What you should do:
In your output, repeat each entry exactly and include no pictures.

Recorded data:
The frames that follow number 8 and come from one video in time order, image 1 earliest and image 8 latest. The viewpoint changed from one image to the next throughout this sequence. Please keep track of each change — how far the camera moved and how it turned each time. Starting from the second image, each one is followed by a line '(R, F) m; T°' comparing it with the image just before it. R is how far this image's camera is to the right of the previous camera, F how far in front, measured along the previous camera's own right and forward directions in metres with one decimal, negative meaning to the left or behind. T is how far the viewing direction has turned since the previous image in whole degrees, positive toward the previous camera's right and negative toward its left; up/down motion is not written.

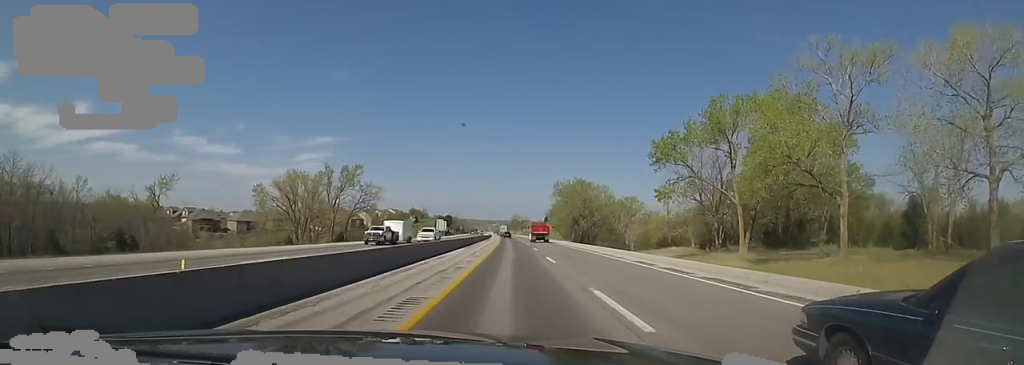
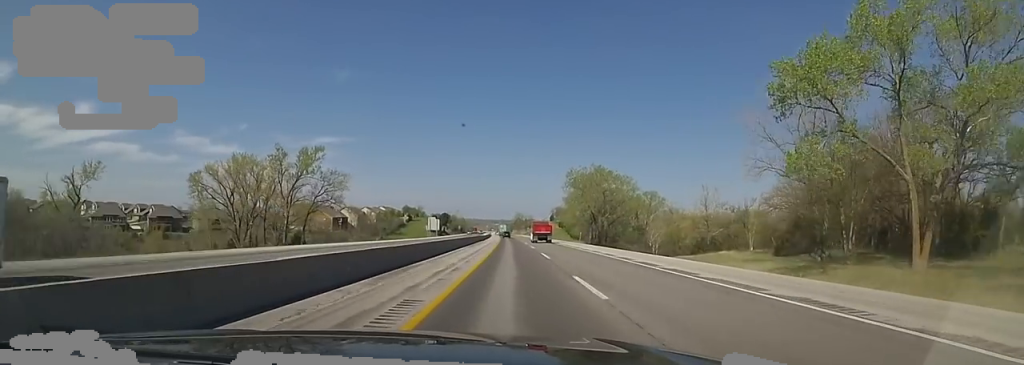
(+1.1, +27.2) m; 0°
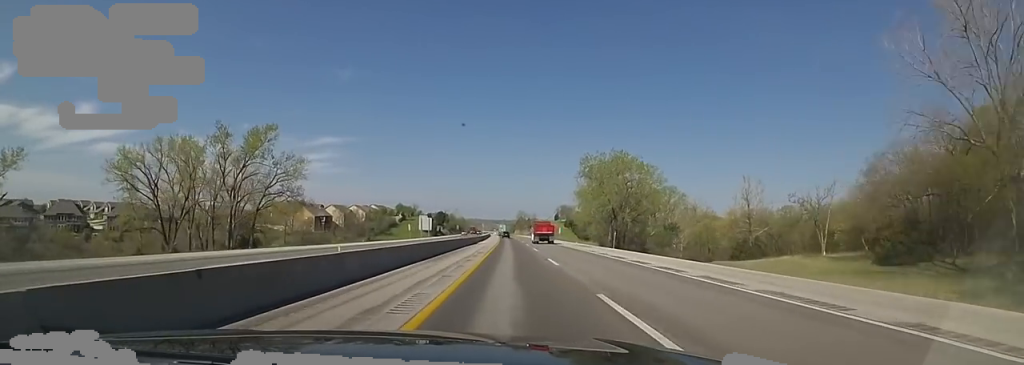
(-0.9, +20.9) m; -1°
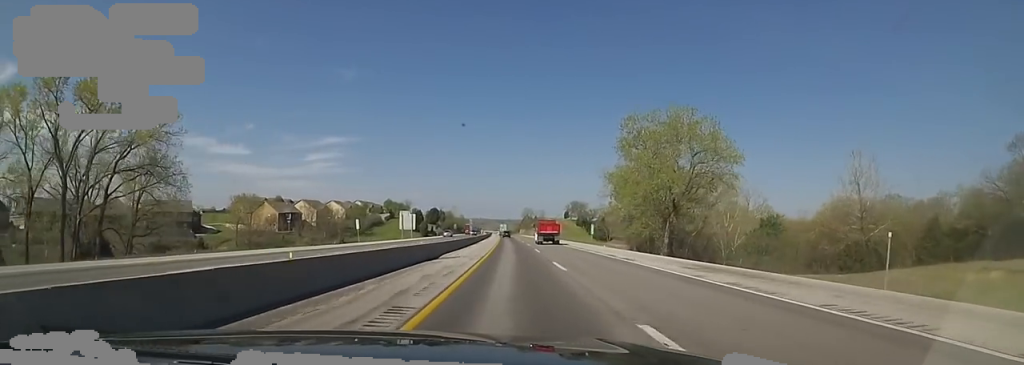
(-0.6, +33.1) m; -1°
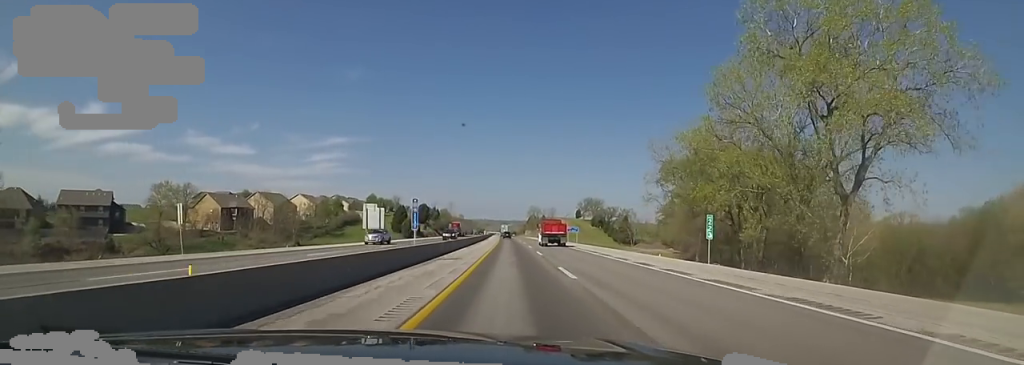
(+0.1, +34.1) m; 0°
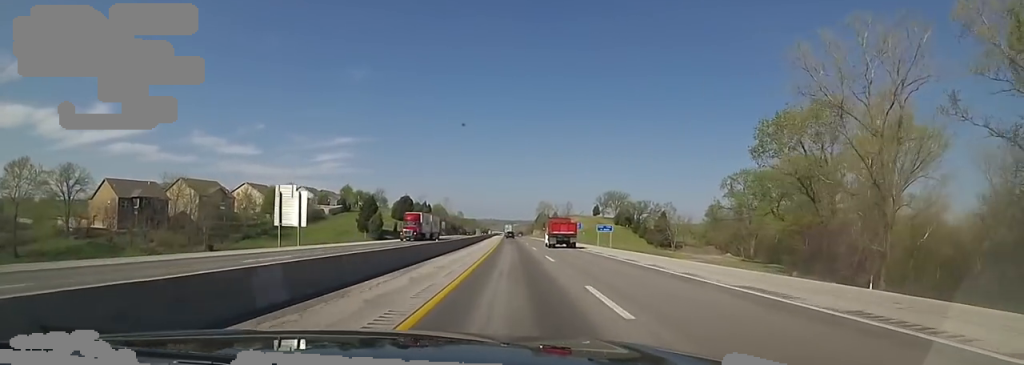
(-0.2, +37.3) m; 0°
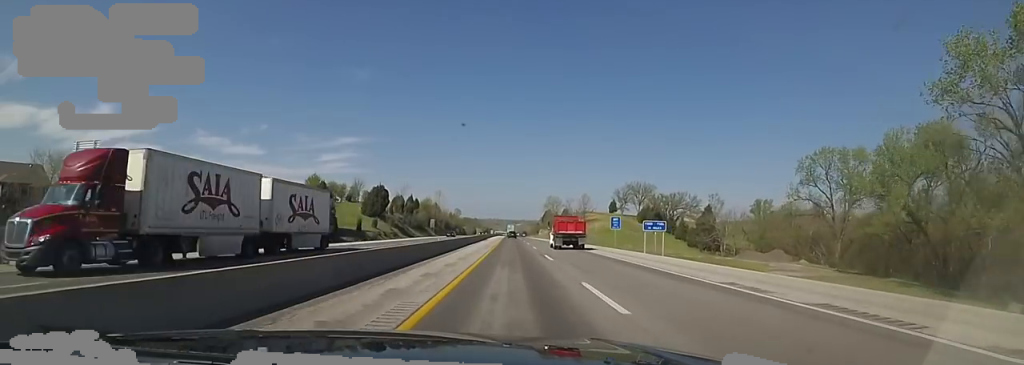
(0.0, +29.7) m; 0°
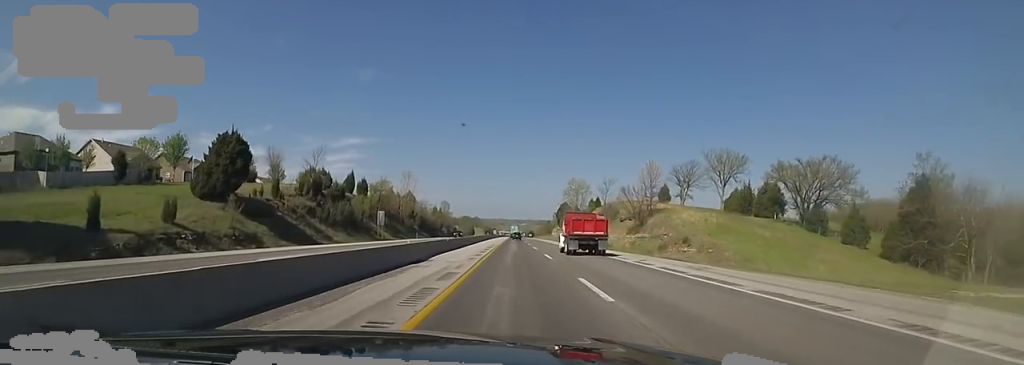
(0.0, +58.1) m; +1°
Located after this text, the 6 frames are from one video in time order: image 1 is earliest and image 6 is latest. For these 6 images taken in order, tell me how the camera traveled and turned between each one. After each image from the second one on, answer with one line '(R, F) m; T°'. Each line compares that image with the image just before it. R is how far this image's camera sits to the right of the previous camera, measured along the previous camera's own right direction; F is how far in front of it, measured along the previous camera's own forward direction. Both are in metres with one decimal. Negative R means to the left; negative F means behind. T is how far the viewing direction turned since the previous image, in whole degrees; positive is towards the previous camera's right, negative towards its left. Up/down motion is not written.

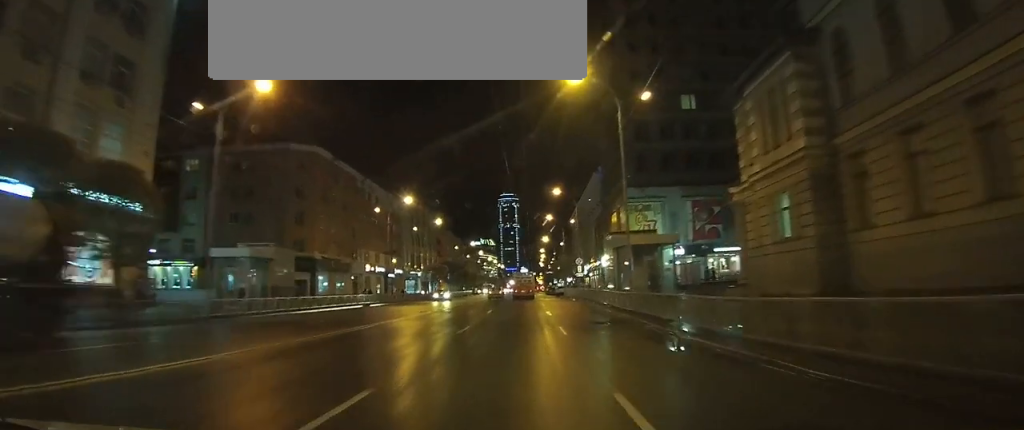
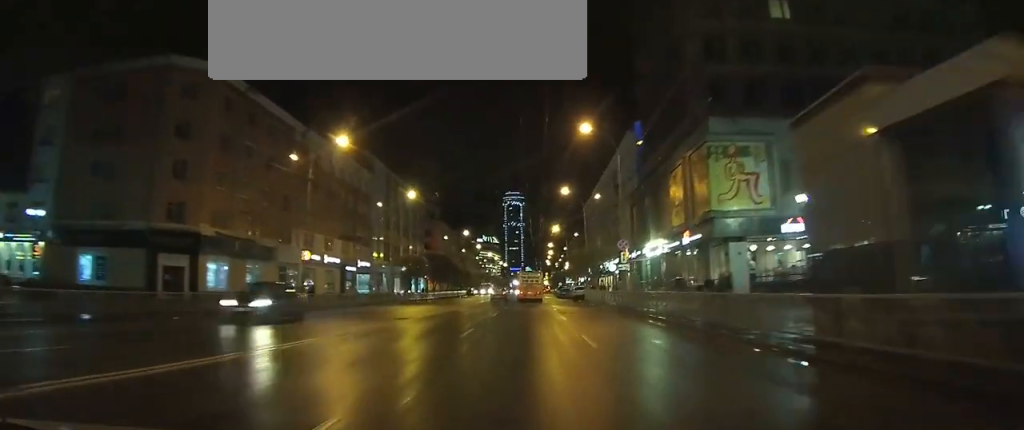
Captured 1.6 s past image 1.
(+0.5, +26.4) m; +2°
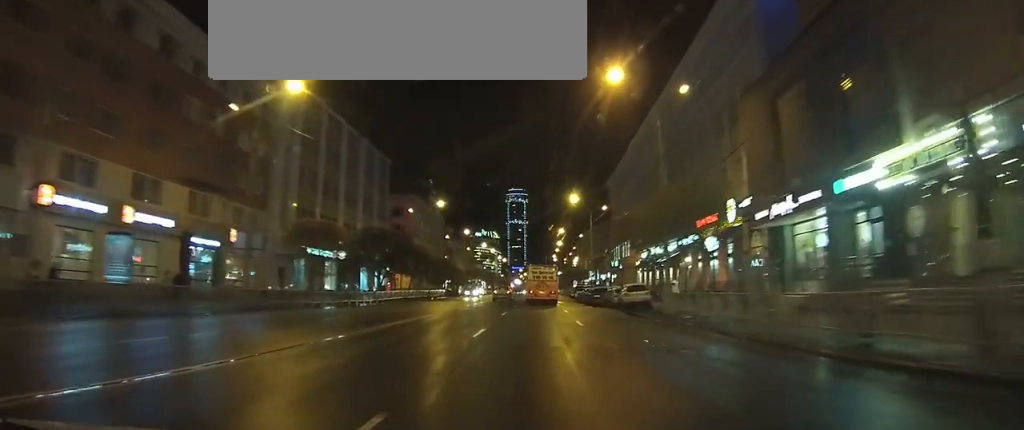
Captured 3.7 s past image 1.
(-0.7, +36.1) m; -2°
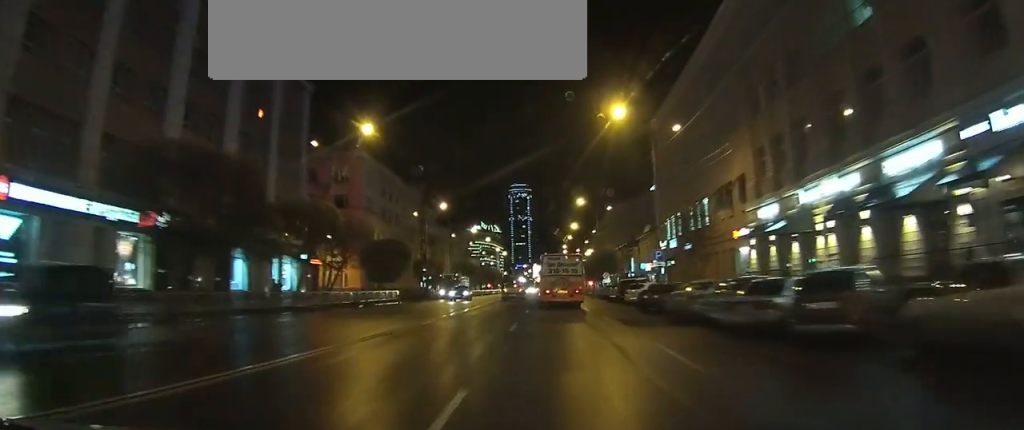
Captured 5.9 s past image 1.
(+0.1, +35.5) m; +1°
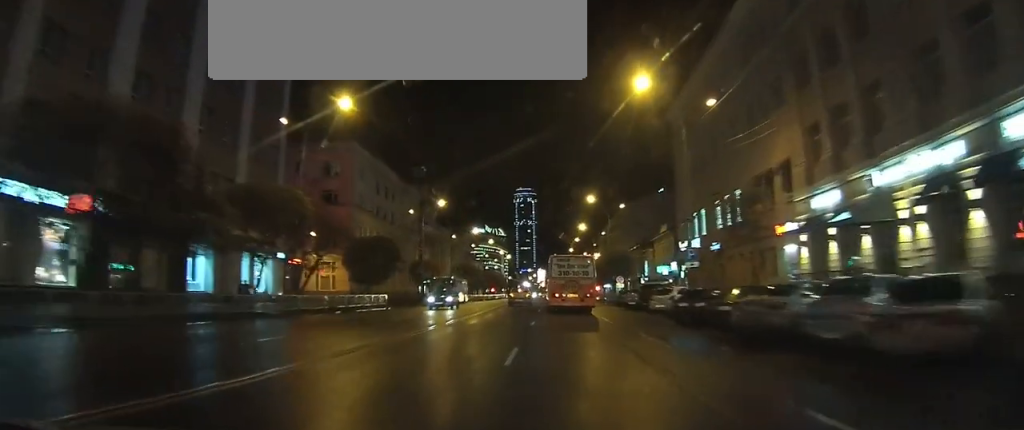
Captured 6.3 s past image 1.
(0.0, +6.4) m; 0°
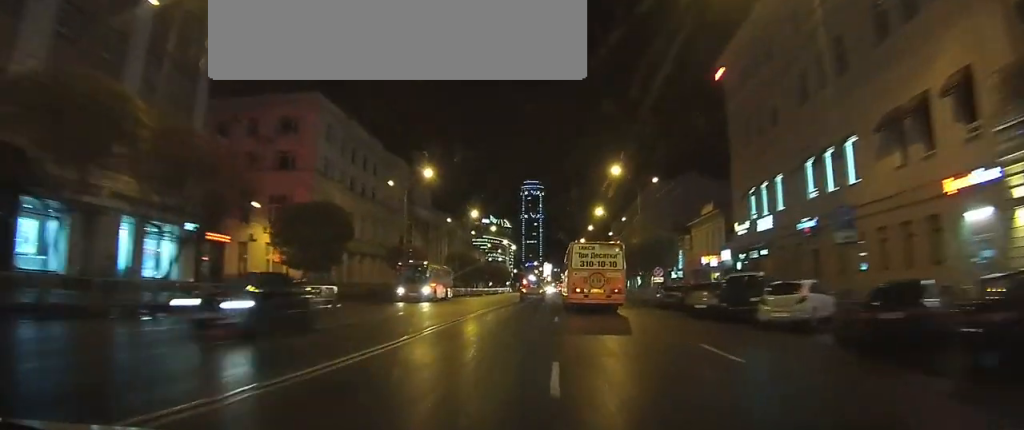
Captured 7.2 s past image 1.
(0.0, +14.8) m; 0°
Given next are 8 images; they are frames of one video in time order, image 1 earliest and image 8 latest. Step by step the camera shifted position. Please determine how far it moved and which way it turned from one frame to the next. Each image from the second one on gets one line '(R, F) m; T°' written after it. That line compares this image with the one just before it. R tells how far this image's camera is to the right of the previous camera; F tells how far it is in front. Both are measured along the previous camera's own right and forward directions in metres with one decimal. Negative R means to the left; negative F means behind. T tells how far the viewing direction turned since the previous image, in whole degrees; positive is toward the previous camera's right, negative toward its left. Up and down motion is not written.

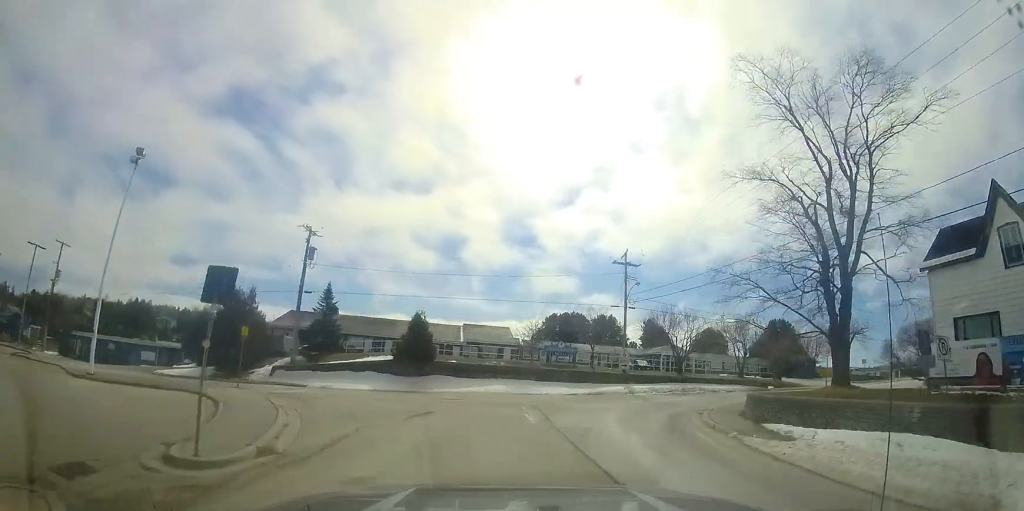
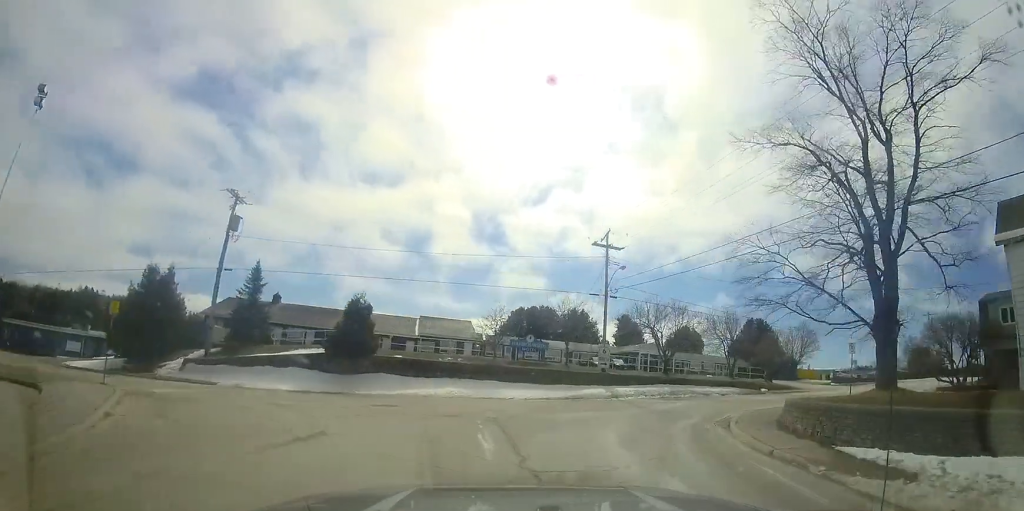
(+0.4, +5.2) m; +7°
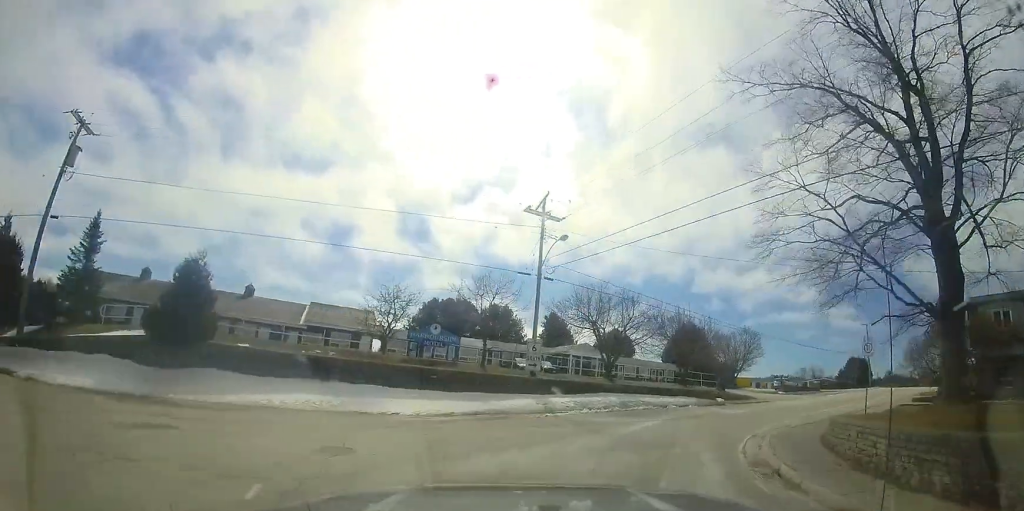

Response:
The frames that follow number 8 and come from one video in time order, image 1 earliest and image 8 latest. The viewpoint changed from one image to the next throughout this sequence. Please keep track of each change — how far the camera moved and how it turned each time. Starting from the second image, each one is followed by a line '(R, F) m; T°' comparing it with the image just before it. R is how far this image's camera is to the right of the previous camera, F how far in front, measured along the previous camera's own right and forward directions in metres with one decimal, negative meaning to the left or behind. T is how far the viewing direction has turned since the previous image in whole degrees, positive toward the previous camera's right and negative toward its left; up/down motion is not written.

(+1.1, +27.2) m; 0°
(-0.9, +20.9) m; -1°
(-0.6, +33.1) m; -1°
(+0.1, +34.1) m; 0°
(-0.2, +37.3) m; 0°
(0.0, +29.7) m; 0°
(0.0, +58.1) m; +1°
Located after this text, the 6 frames are from one video in time order: image 1 is earliest and image 6 is latest. For these 6 images taken in order, tell me how the camera traveled and turned between each one. After each image from the second one on, answer with one line '(R, F) m; T°'. Each line compares that image with the image just before it. R is how far this image's camera sits to the right of the previous camera, measured along the previous camera's own right direction; F is how far in front of it, measured along the previous camera's own forward direction. Both are in metres with one decimal. Negative R means to the left; negative F means behind. T is how far the viewing direction turned since the previous image, in whole degrees; positive is towards the previous camera's right, negative towards its left. Up/down motion is not written.

Captured 1.6 s past image 1.
(+0.5, +26.4) m; +2°
Captured 3.7 s past image 1.
(-0.7, +36.1) m; -2°
Captured 5.9 s past image 1.
(+0.1, +35.5) m; +1°
Captured 6.3 s past image 1.
(0.0, +6.4) m; 0°
Captured 7.2 s past image 1.
(0.0, +14.8) m; 0°
Given next are 8 images; they are frames of one video in time order, image 1 earliest and image 8 latest. Step by step the camera shifted position. Please determine how far it moved and which way it turned from one frame to the next. Each image from the second one on gets one line '(R, F) m; T°' written after it. That line compares this image with the one just before it. R tells how far this image's camera is to the right of the previous camera; F tells how far it is in front. Both are measured along the previous camera's own right and forward directions in metres with one decimal. Negative R means to the left; negative F means behind. T tells how far the viewing direction turned since the previous image, in whole degrees; positive is toward the previous camera's right, negative toward its left. Up and down motion is not written.

(+0.4, +5.2) m; +7°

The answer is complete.